There is one other possibility that could happen: two RPCs could update the same value and overwrite each other’s work. While this may be okay for some applications, it would not be suitable for APIs that provide transactionality. It is out of scope for this post to show how to fix this, but be aware it can happen.
Measuring the Performance
In the last post, we modified the client to be asynchronous and use the gRPC ListenableFuture API. To avoid running out of memory, the client was modified to have at most 100 active RPCs at a time. As we now see from the server code, performance was bottlenecked on acquiring locks. Since we have removed those, we expect to see a 100x improvement. The same amount of work is done per RPC, but a lot more are happening at the same time. Let’s see if our hypothesis holds:
Before:
$ ./gradlew installDist
$ time ./build/install/kvstore/bin/kvstore
Apr 16, 2018 10:38:42 AM io.grpc.examples.KvRunner runClient
INFO: Did 24.067 RPCs/s
real 1m0.886s
user 0m9.340s
sys 0m1.660s
After:
Apr 16, 2018 10:36:48 AM io.grpc.examples.KvRunner runClient
INFO: Did 2,449.8 RPCs/s
real 1m0.968s
user 0m52.184s
sys 0m20.692s
Wow! From 24 RPCs per second to 2,400 RPCs per second. And we didn’t have to change our API or our client. This is why understanding your code and API semantics is important. By exploiting the properties of the key-value API, namely the independence of operations on different keys, the code is now much faster.
One noteworthy artifact of this code is the user
timing in the results. Previously the user time
was only 9 seconds, meaning that the CPU was active only 9 of the 60 seconds the code was running.

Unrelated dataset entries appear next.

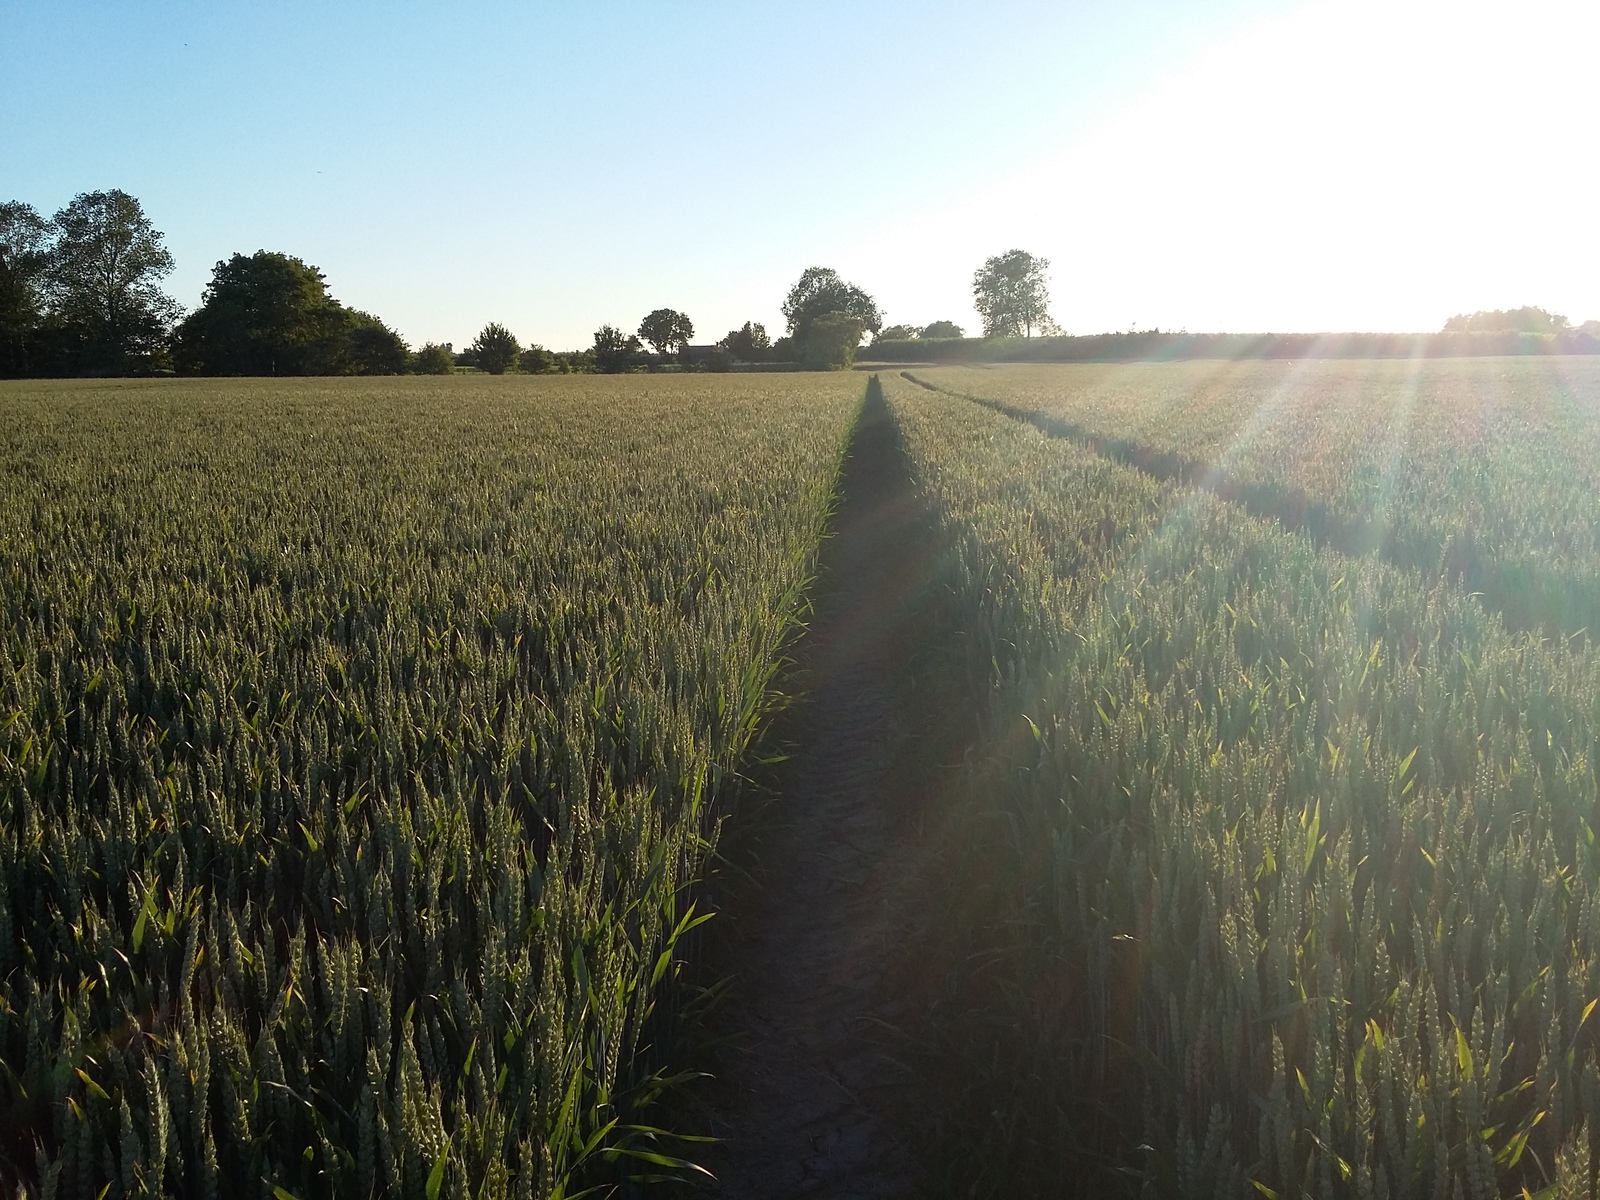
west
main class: Cropland
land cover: Common wheat
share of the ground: > 75 %
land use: Agriculture (excluding fallow land and kitchen gardens)
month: July
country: DK
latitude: 55.0910
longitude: 12.1451
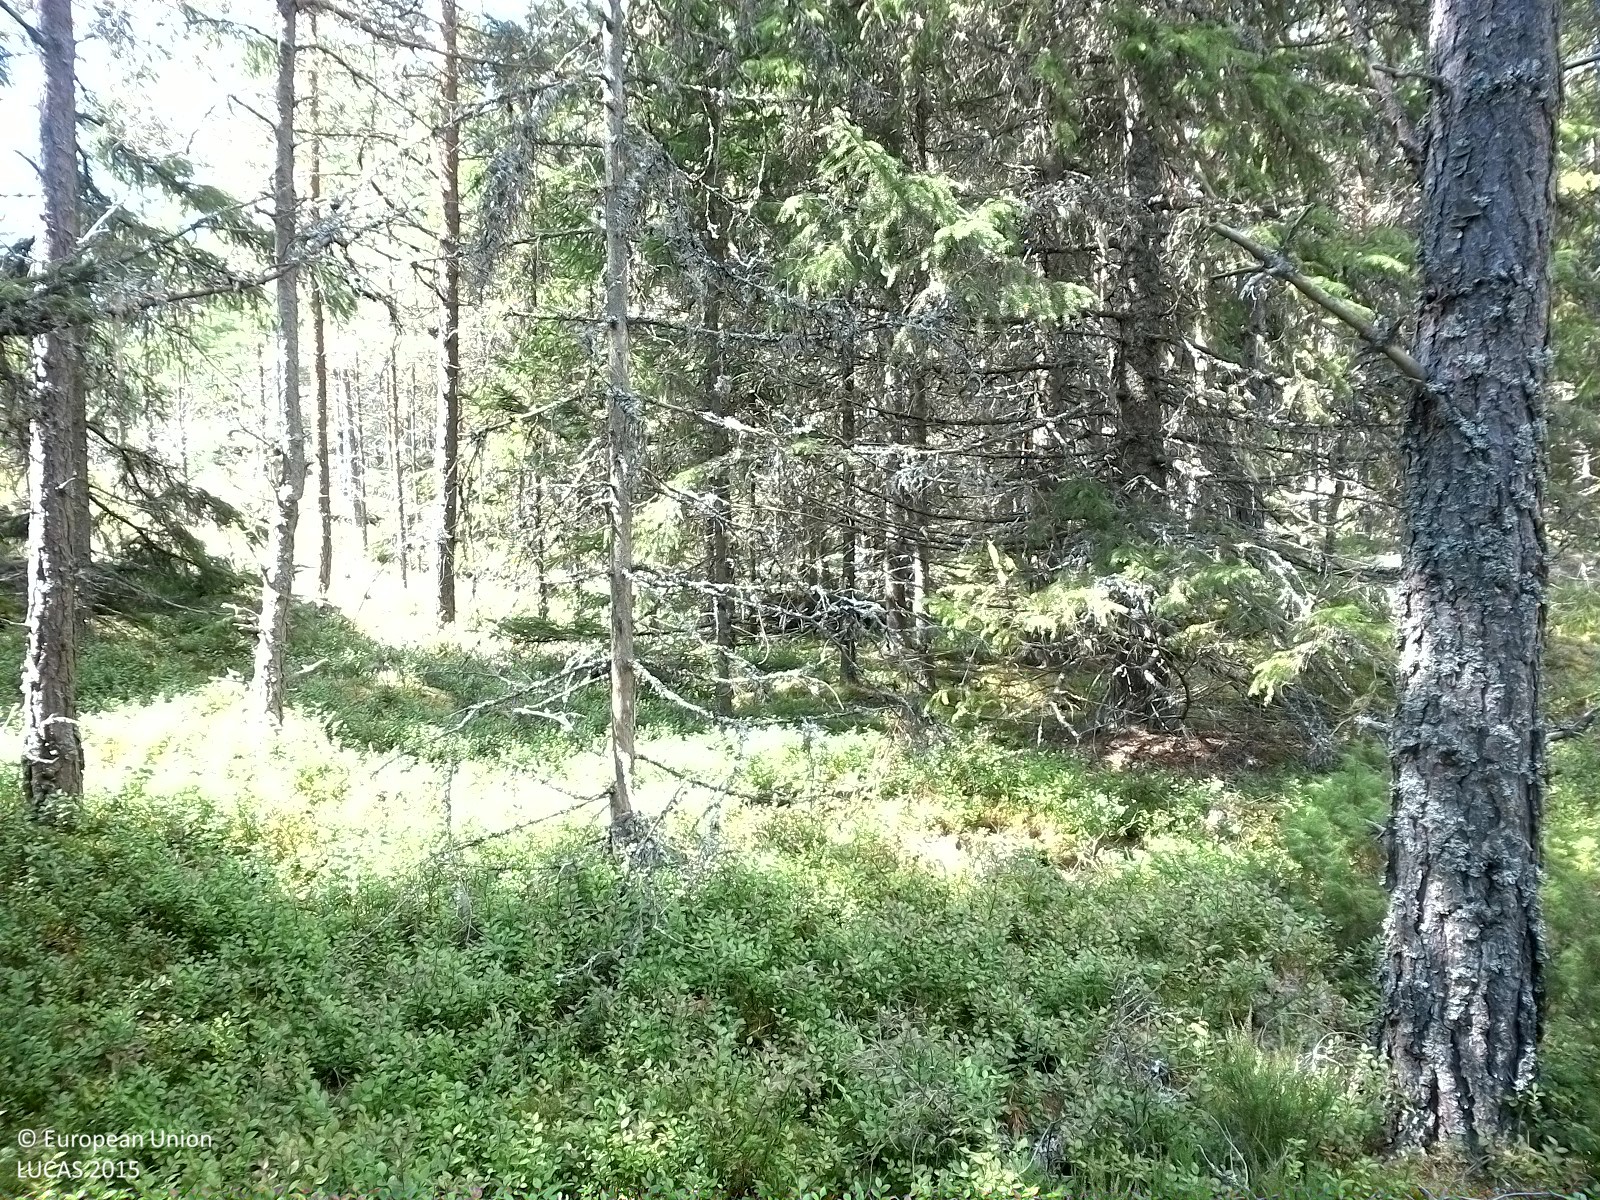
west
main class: Woodland
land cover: Pine dominated coniferous woodland
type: boreal forest
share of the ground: 25 - 50 %
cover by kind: shrubs 50 %, coniferous forest trees 30 %, broadleaved forest trees 10 %, herbaceous plants 10 %
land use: Forestry
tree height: > 5 m
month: August
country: SE
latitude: 58.9049
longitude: 15.3917
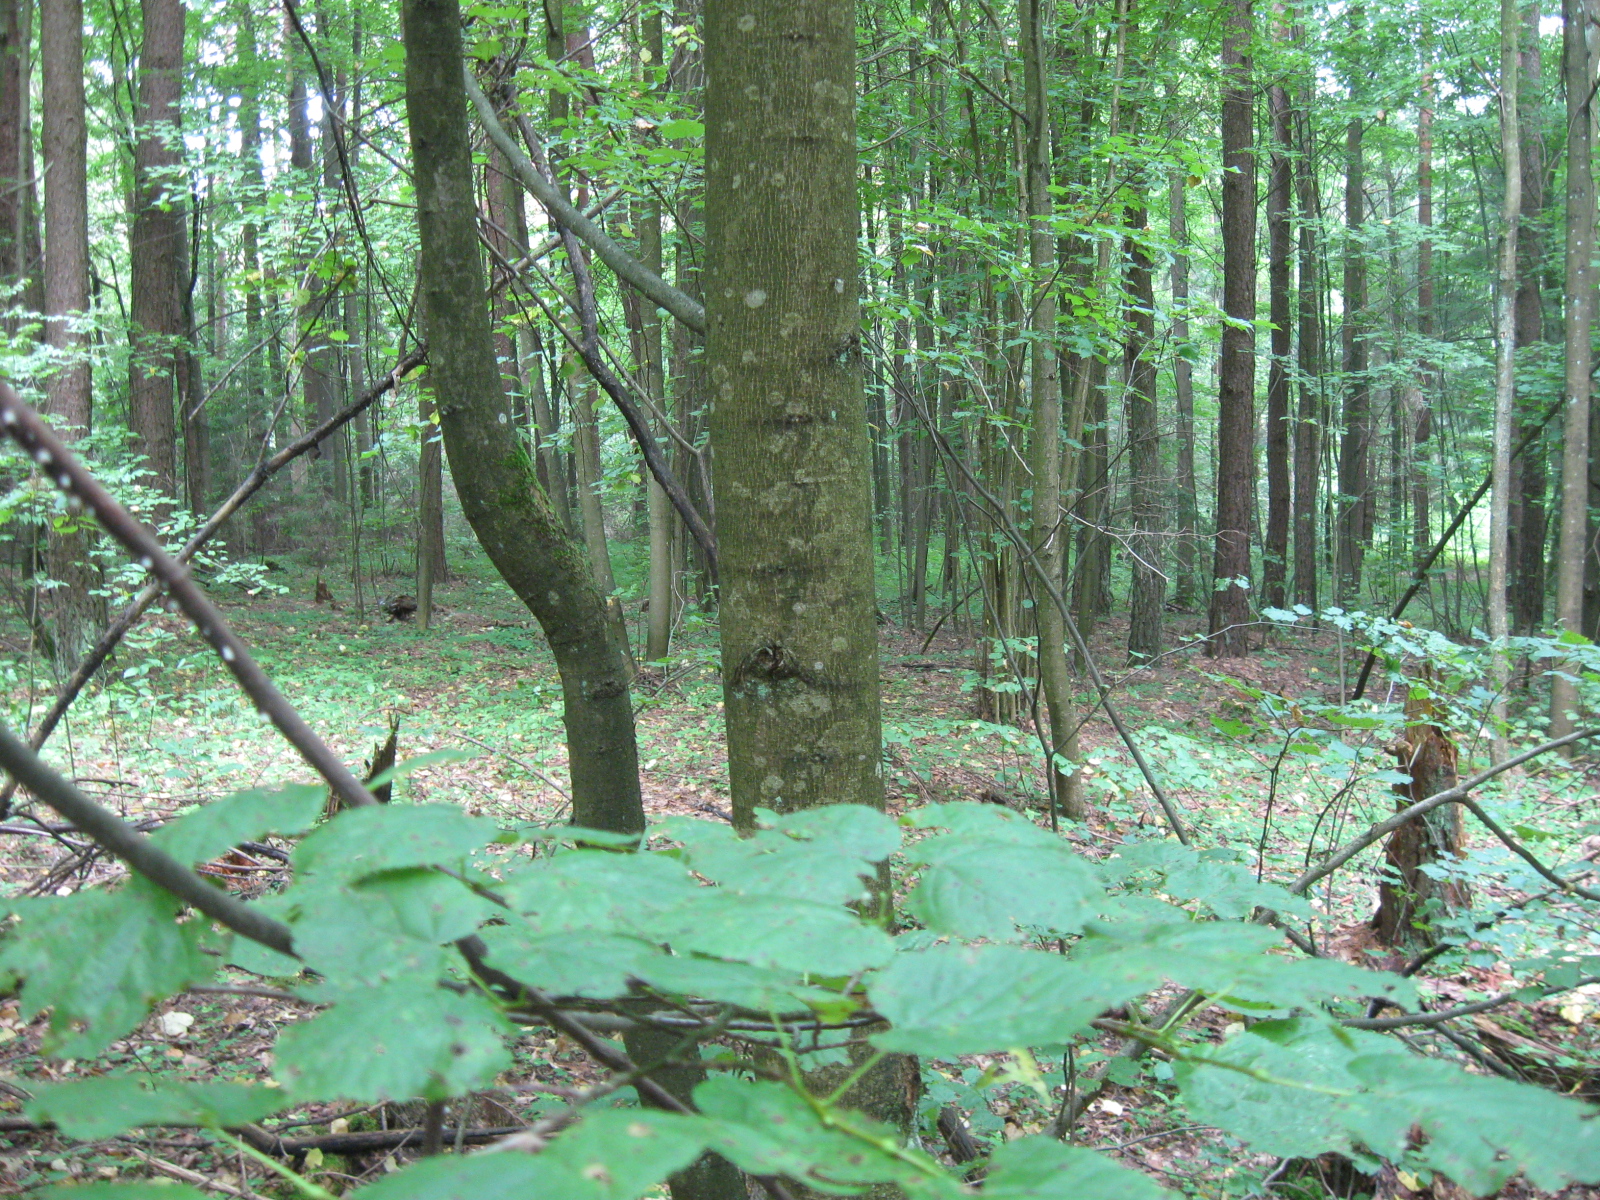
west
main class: Woodland
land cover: Pine dominated mixed woodland
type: hemiboreal forest and nemoral coniferous forest and mixed broadleaved-coniferous forest
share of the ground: > 75 %
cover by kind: broadleaved forest trees 45 %, coniferous forest trees 40 %, unconsolidated bare surface 10 %, herbaceous plants 5 %
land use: Forestry
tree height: > 5 m
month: July
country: LT
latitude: 55.0196
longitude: 23.6119
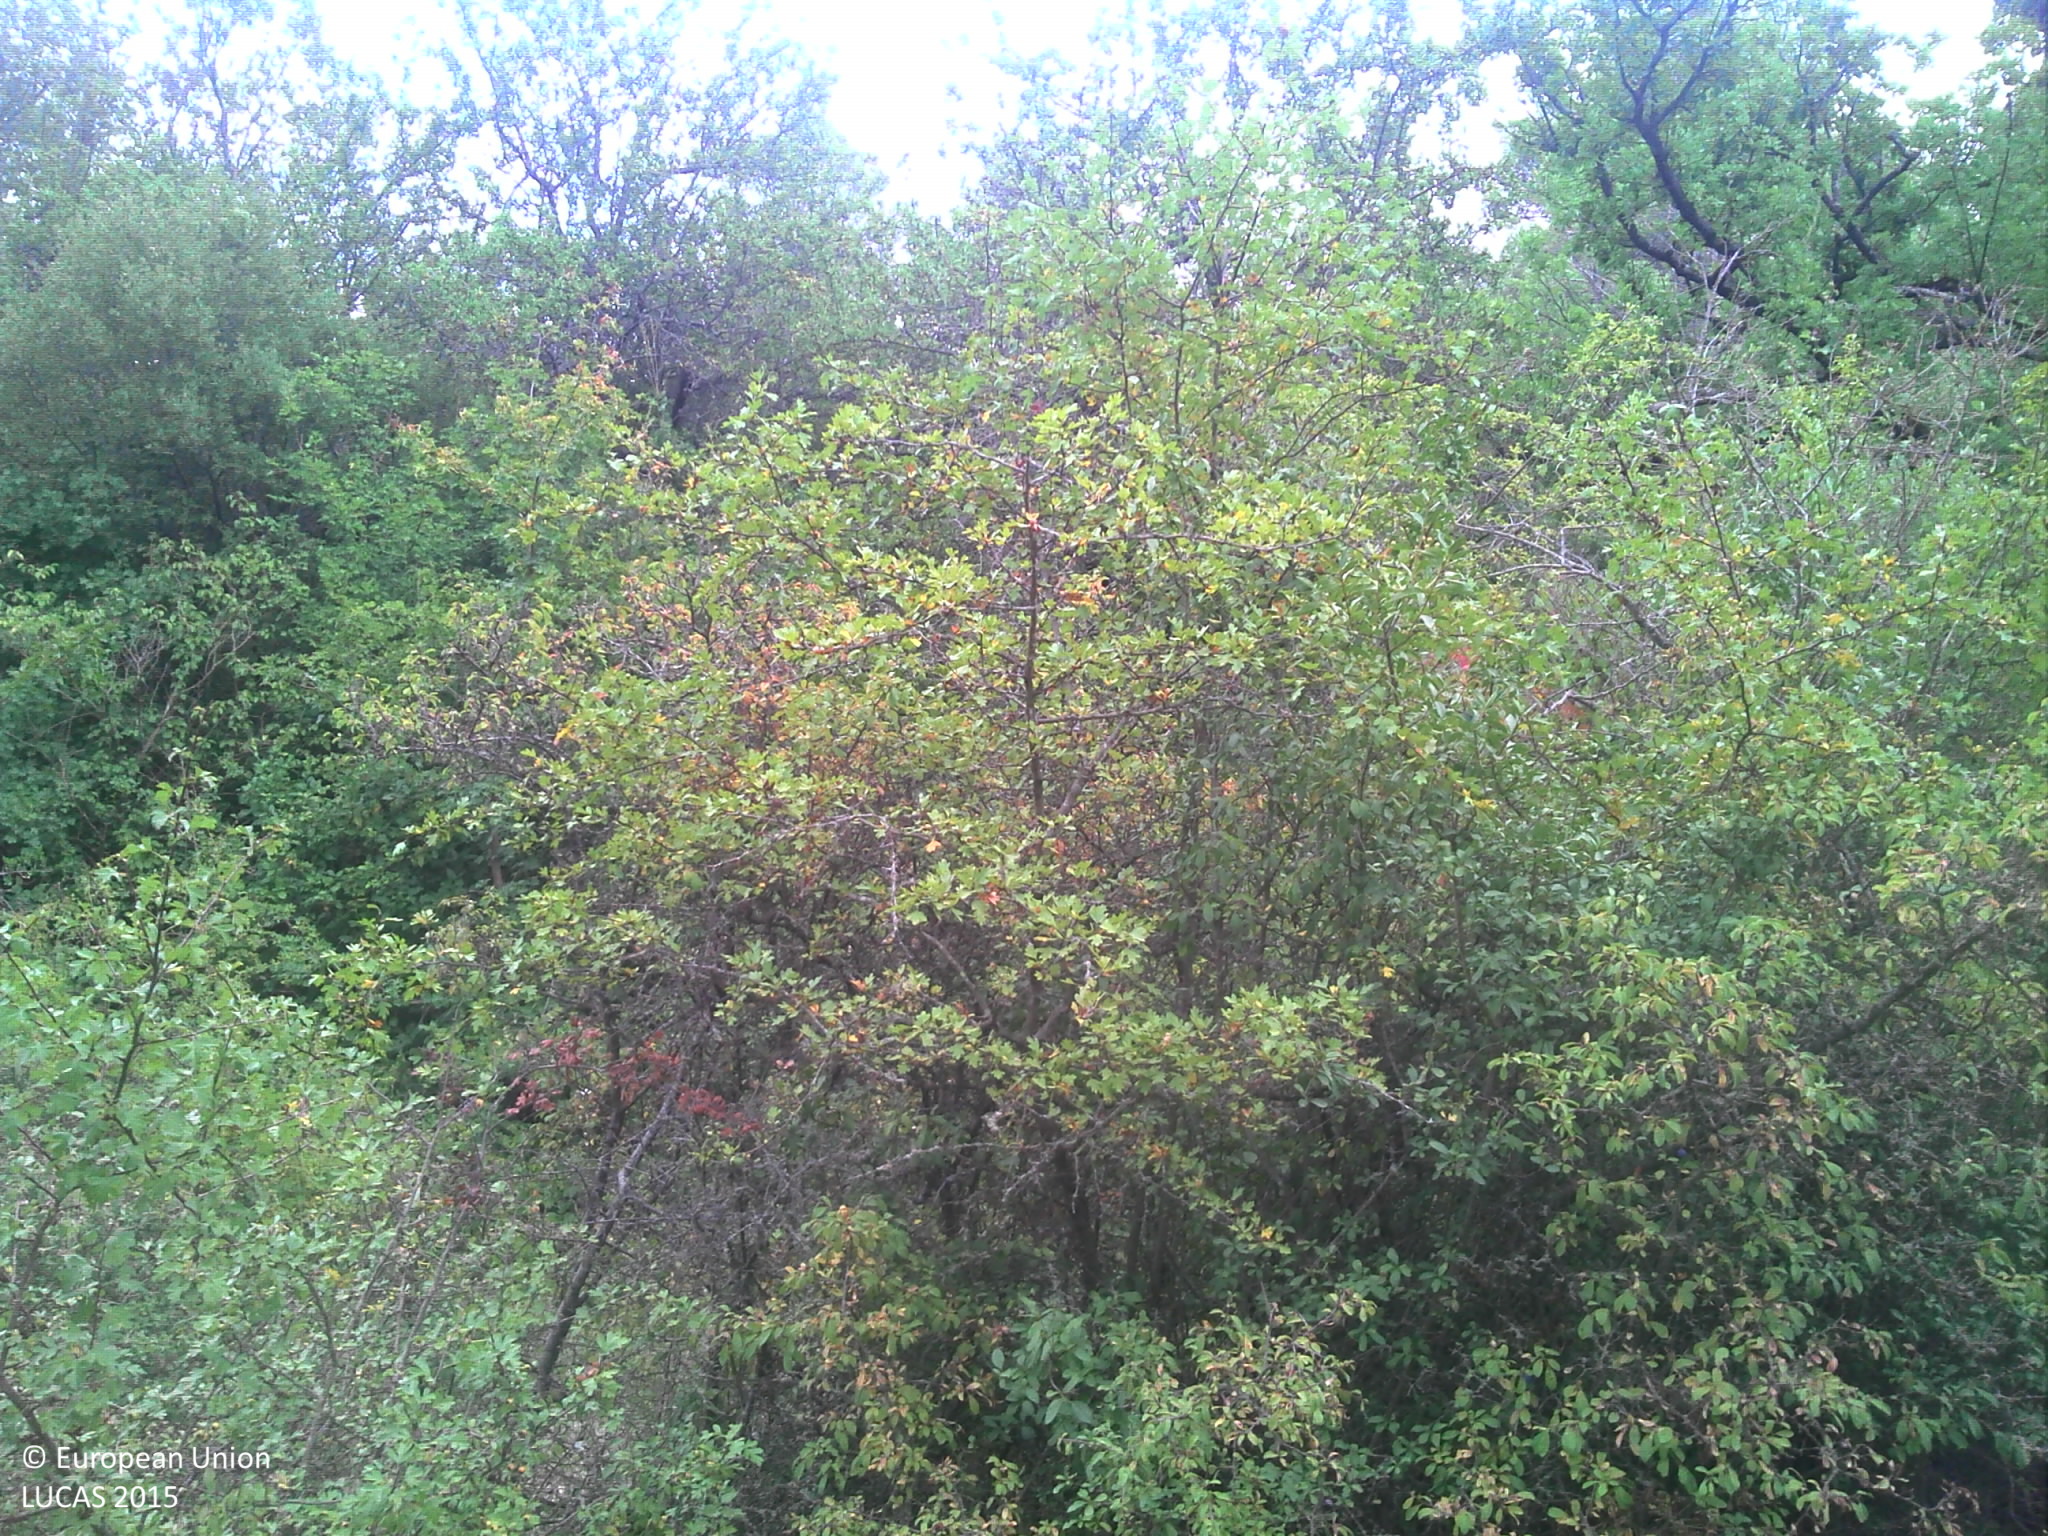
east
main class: Woodland
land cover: Pine dominated mixed woodland
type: coniferous forest of the mediterranean region
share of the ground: > 75 %
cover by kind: coniferous forest trees 45 %, broadleaved forest trees 30 %, shrubs 25 %
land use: Sport
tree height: < 5 m
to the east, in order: Pine dominated mixed woodland; Electric lines; Broadleaved woodland; Tracks; Broadleaved woodland; Tracks; Pine dominated mixed woodland; Tracks; Broadleaved woodland
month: August
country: FR
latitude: 43.4251
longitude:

Afterwards, the usage went up by more than 5x to 52 seconds. The reason is that more CPU cores are
active. The KvServer
is simulating work by sleeping for a few milliseconds. In a real
application, it would be doing useful work and not have such a dramatic change. Rather than
scaling per the number of RPCs, it would scale per the number of cores. Thus, if your machine had
12 cores, you would expect to see a 12x improvement. Still not bad though!
More Errors
If you run this code yourself, you will see a lot more log spam in the form:
Apr 16, 2018 10:38:40 AM io.grpc.examples.KvClient$3 onFailure
INFO: Key not found
io.grpc.StatusRuntimeException: NOT_FOUND
The reason is that the new version of the code makes API level race conditions more apparent. With 100 times as many RPCs happening, the chance of updates and deletes colliding with each other is more likely. To solve this we will need to modify the API definition. Stay tuned for the next post showing how to fix this.
Conclusion
There are a lot of opportunities to optimize your gRPC code. To take advantage of these, you need to understand what your code is doing. This post shows how to convert a lock-based service into a low-contention, lock-free service. Always make sure to measure before and after your changes.
In Part 3, we will optimize the code even further. 2,400 RPC/s is just the beginning!